=== DIRECTIONS FOR THIS TASK ===
The response should hold every record from the listing that follows, verbatim, and no pictures.

=== RECORDS FOR PROCESSING ===
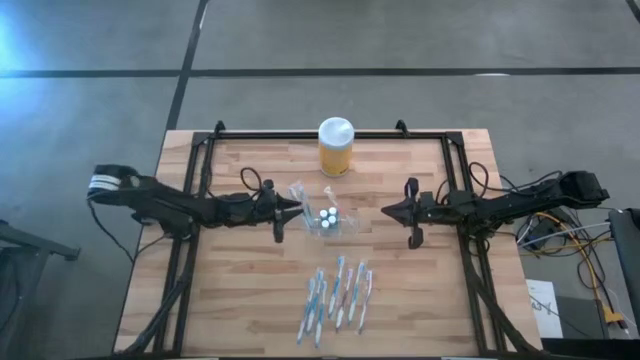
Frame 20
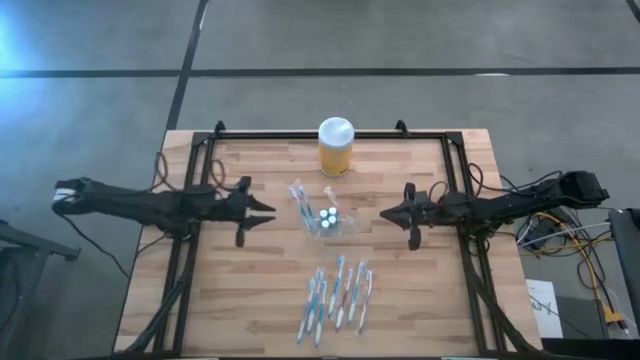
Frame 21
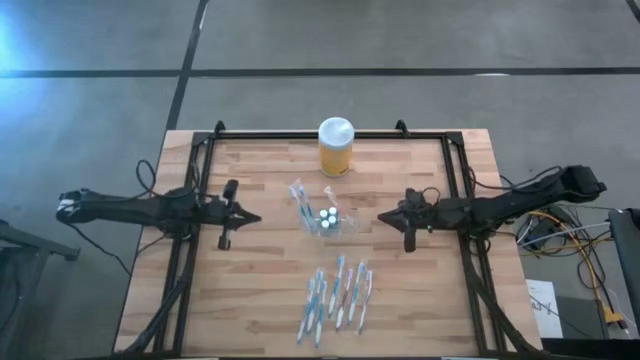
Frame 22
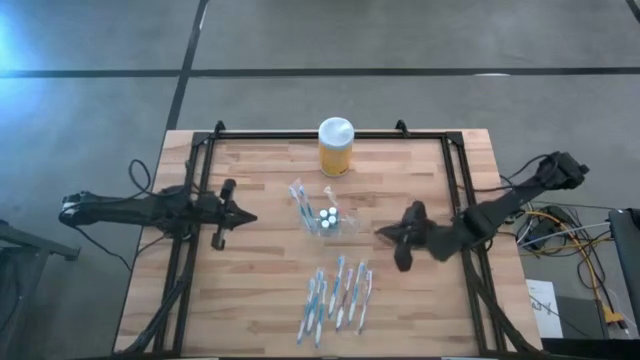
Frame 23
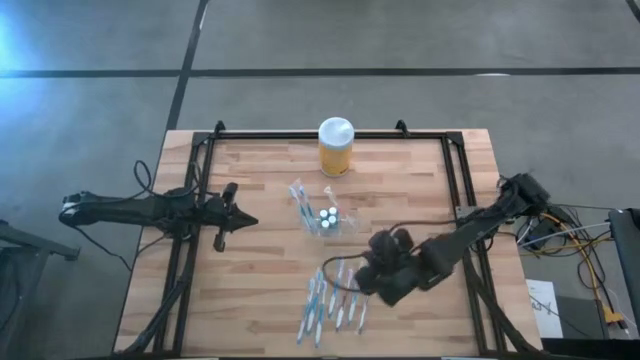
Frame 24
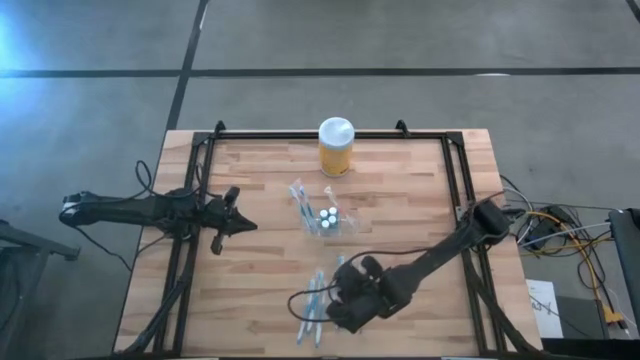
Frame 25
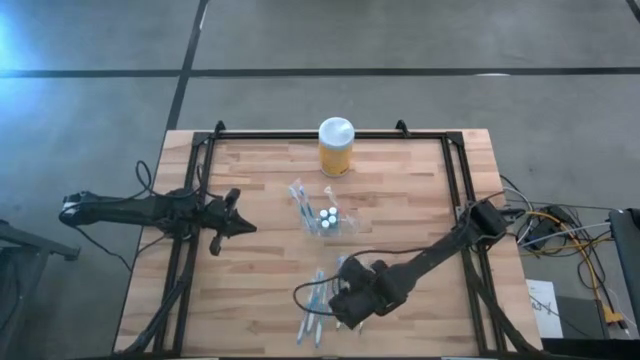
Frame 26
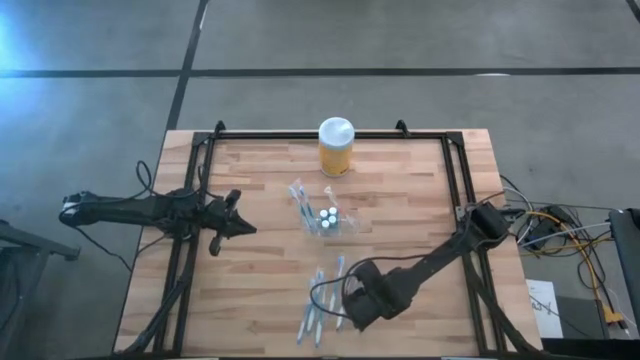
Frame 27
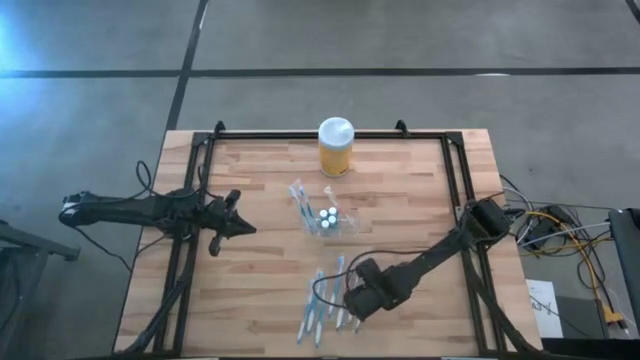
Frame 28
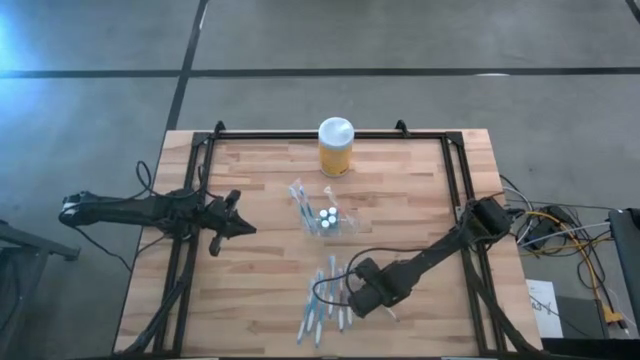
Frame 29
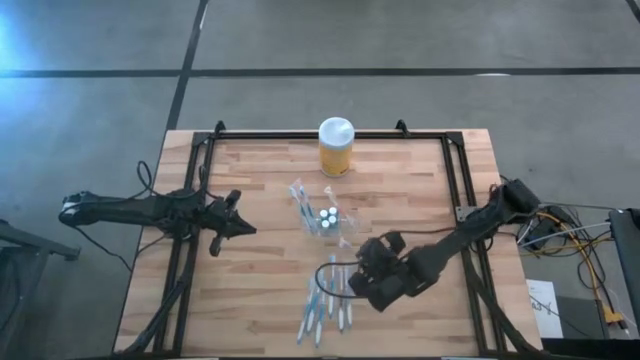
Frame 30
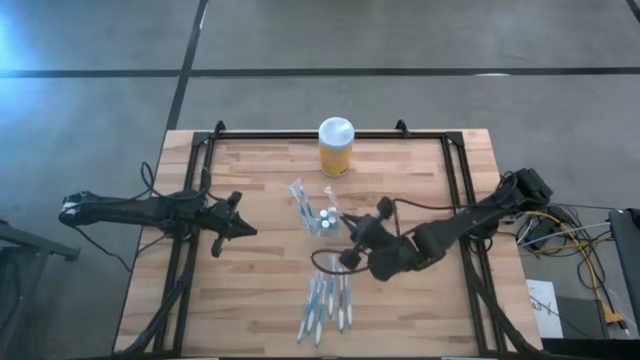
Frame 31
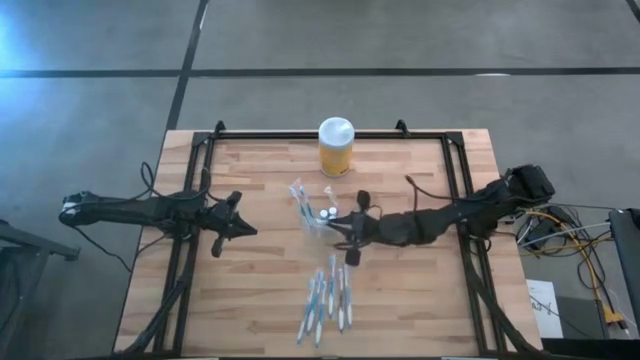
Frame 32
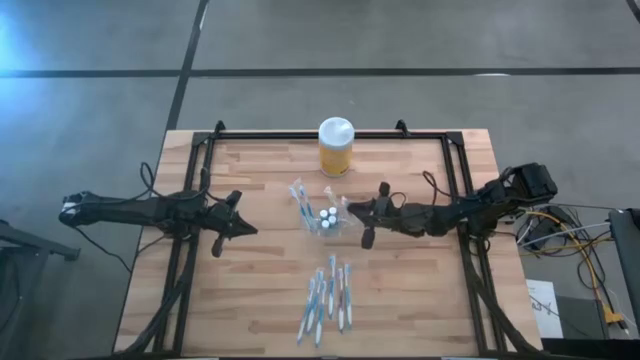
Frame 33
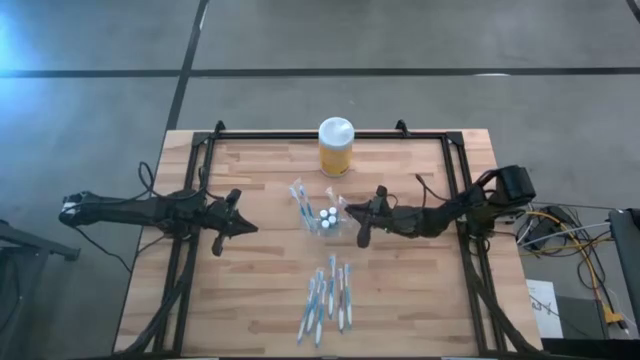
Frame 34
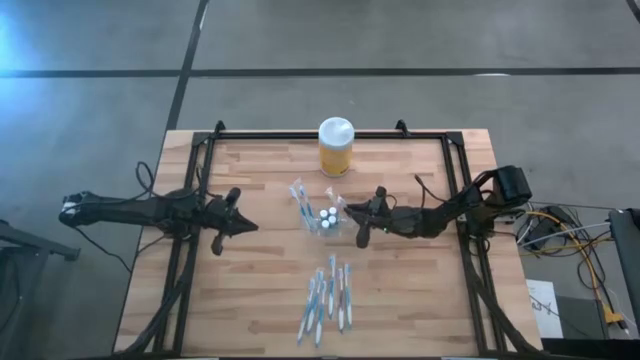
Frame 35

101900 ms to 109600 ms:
Put the violet toothbrush into the transparent organizer

=== ANSWER BELOW ===
Frame 20
Frame 21
Frame 22
Frame 23
Frame 24
Frame 25
Frame 26
Frame 27
Frame 28
Frame 29
Frame 30
Frame 31
Frame 32
Frame 33
Frame 34
Frame 35

101900 ms to 109600 ms:
Put the violet toothbrush into the transparent organizer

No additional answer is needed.